No one is interested in these things. Therefore most people don’t even read these things. They skip right to the end of the text where they can see a score, which gives them the exact information they were looking for: Is this game any good?

And apparently games are good. Unbelievably good in fact. David Jaffe is interested in this phenomenon as he could not hide his amazement at the review scores games are receiving. It appears that many games are in the top 25 percent on the ever popular percentage scale of awesomeness. In comparison only a few movies seem to have achieved the same feat so far. Naturally Jaffe asks himself if all games are really that good and if the industry really produces a few dozens of timeless classics every year…

The mystery lies in the difference between arithmetical interpretations of those scores. In short, the math is different. A game which scores over 90 is good, one that scores over 80 is average and a game over 70 is “meh”. Everything else is equal to pure garbage not worthy of anyone’s attention. As you can see, there are only 4 ratings: “Awesome”, “Average”, “Not Bad” and “Total Disaster”. However they still insist on using the percentage system. Apparently we need this kind of fine tuned scores to review games. Apparently there is someone out there who knows what exactly the difference between 90 and 91 is.

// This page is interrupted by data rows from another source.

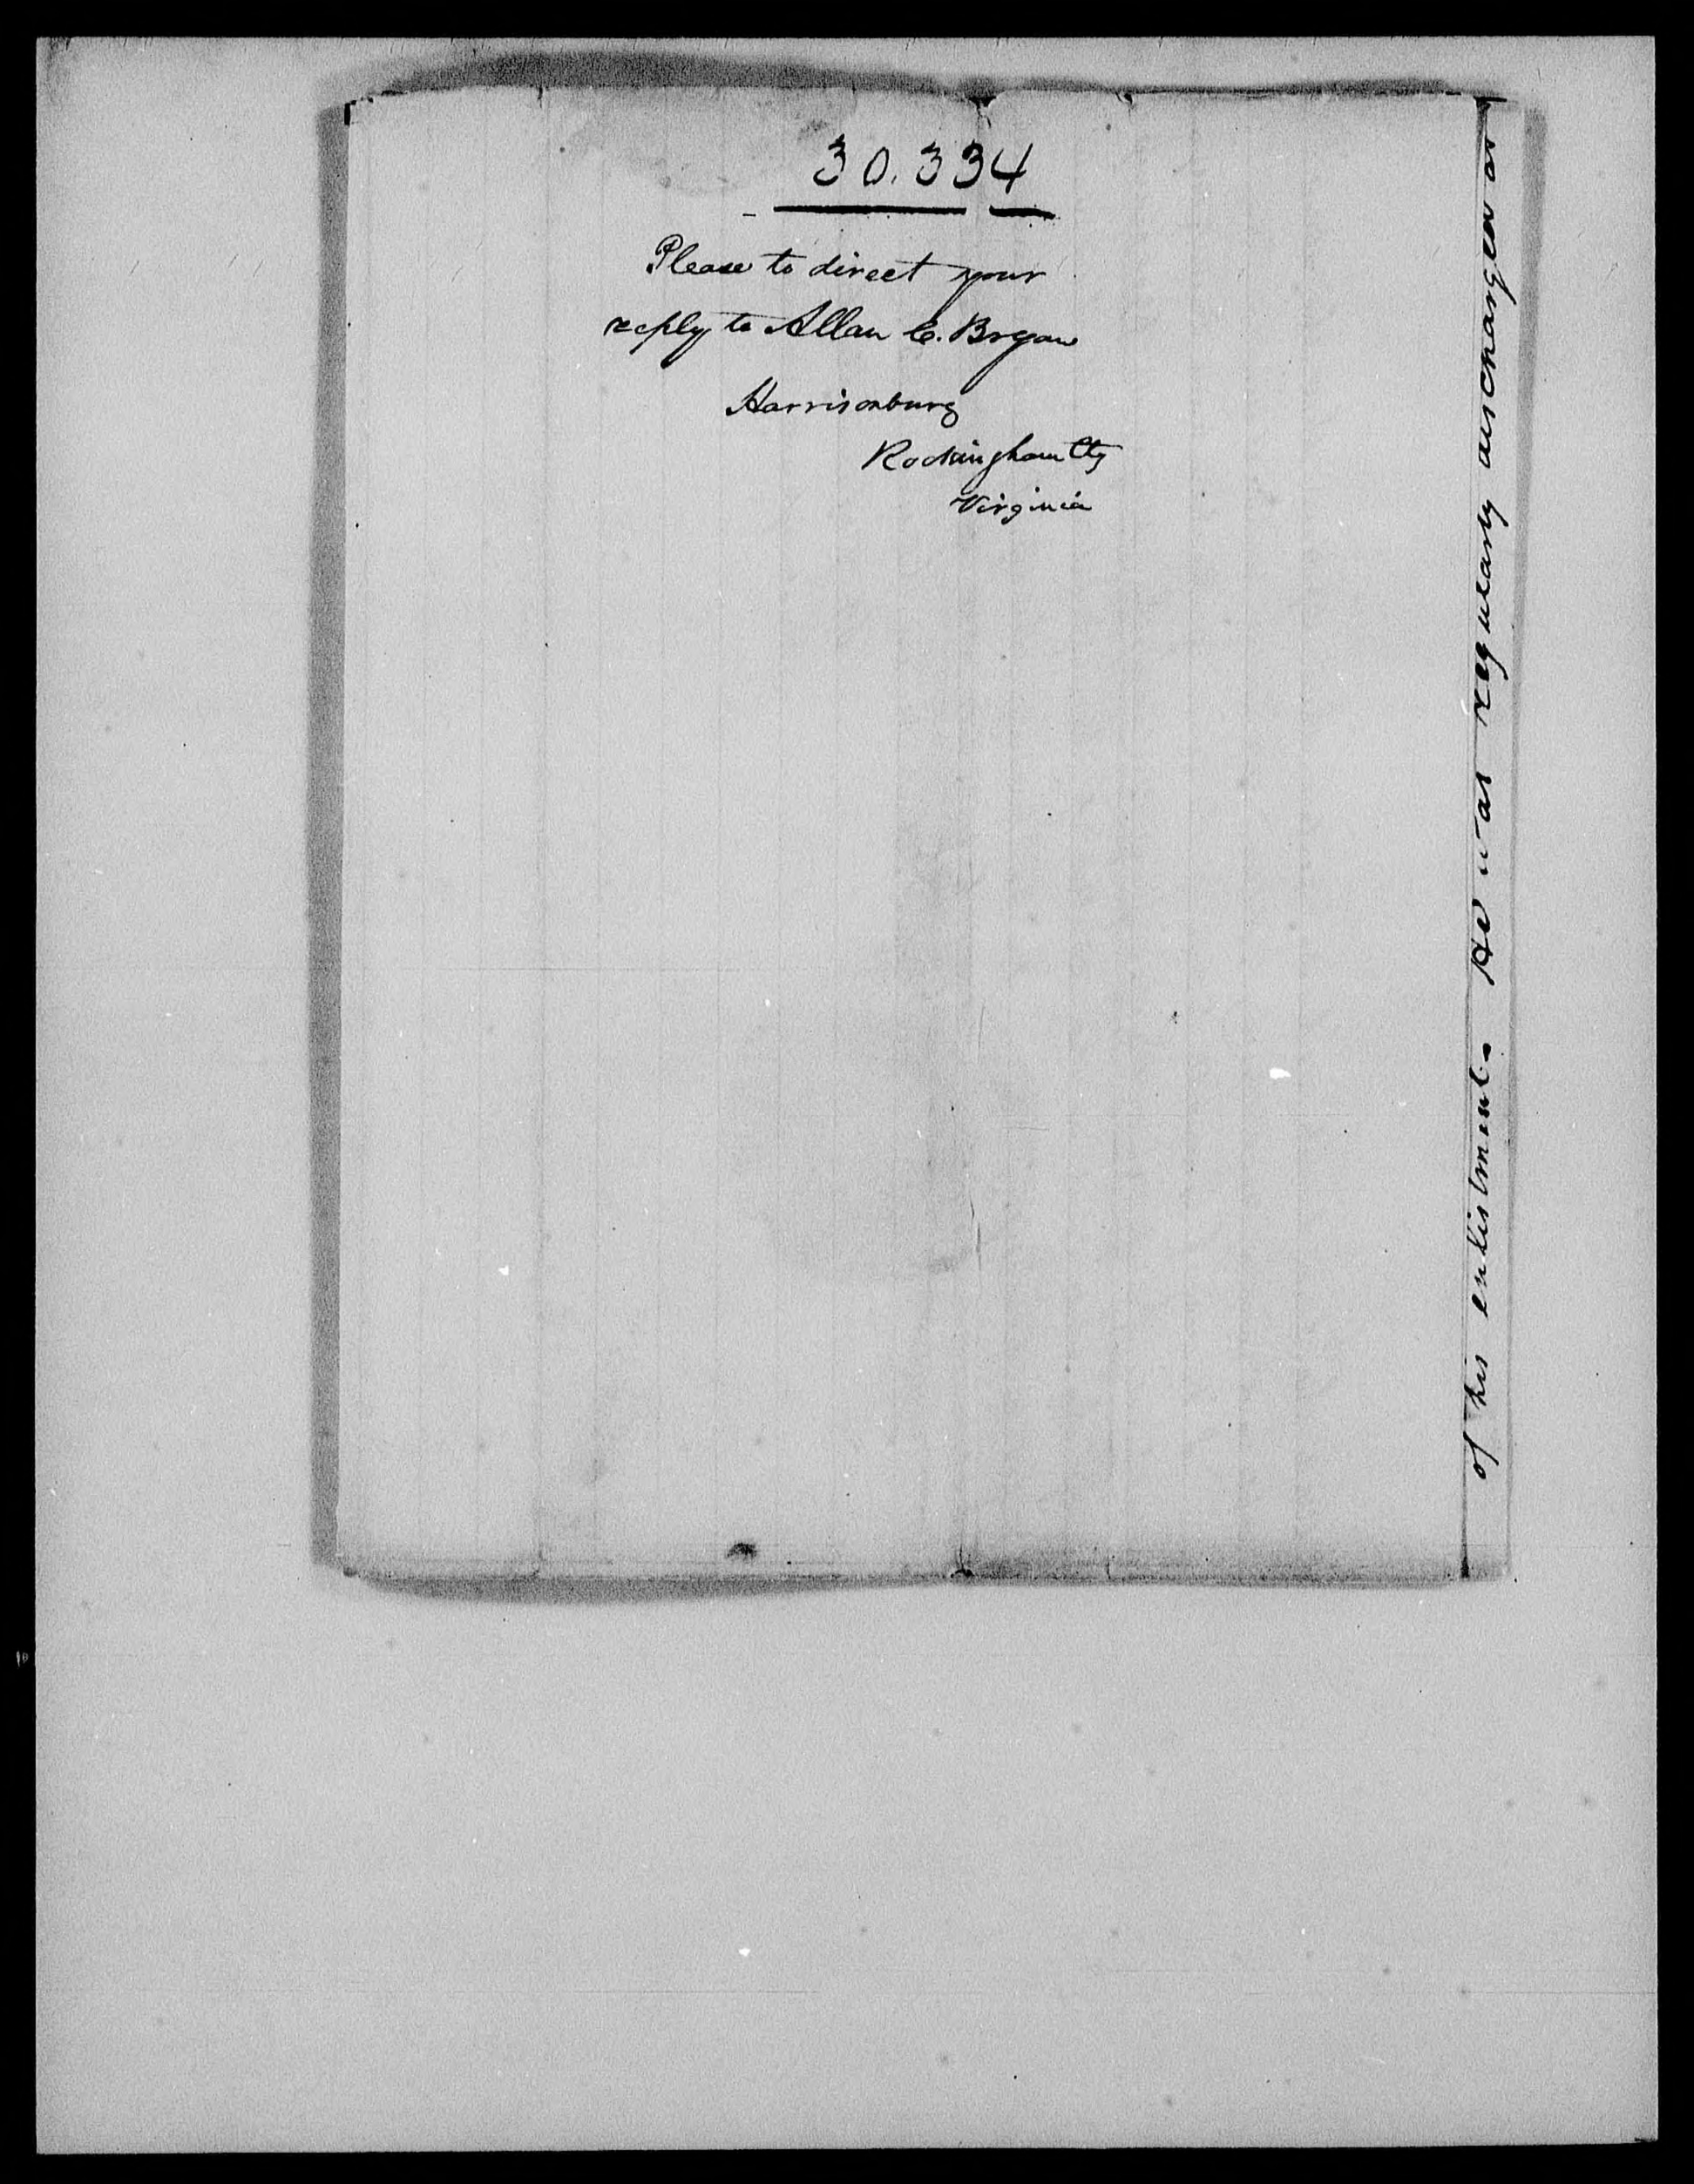30.334
-
Please to direct your
reply to Allan C. Bryan
Harrisonburg
Rockingham City
Virginia
He was regularly discharged 
of his enlistment

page: 3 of 18
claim: survivor's
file: S. 11,508, for Mathew Tate, Virginia

The situation is made even more complicated by several sub scores, each with their own criteria for success. Add to this fact that every single reviewer seems to have his own set of criteria for judging games — which, by the way, is the reason why Japanese Turn Based RPG games are often criticized for not having enough action — and you can easily understand why it is entirely impossible to draw a logical or at least a coherent conclusion from any game review.

“A real gamer doesn’t read reviews. Who cares about the review? Don’t read them. Just play the game and decide for yourself,” they started to say on the net.

They, whoever they are, may be right, especially considering the fact that the online revolution in gaming now allows many people to try out any game before buying it. But doesn’t that defeat the purpose of writing reviews, or for that matter, writing anything at all? If no one is supposed to read something, why are we writing it in the first place?

The solution as usual lies where the problem is. And while everyone is focused on “the how” as detailed above, I think the main problem is “the what”.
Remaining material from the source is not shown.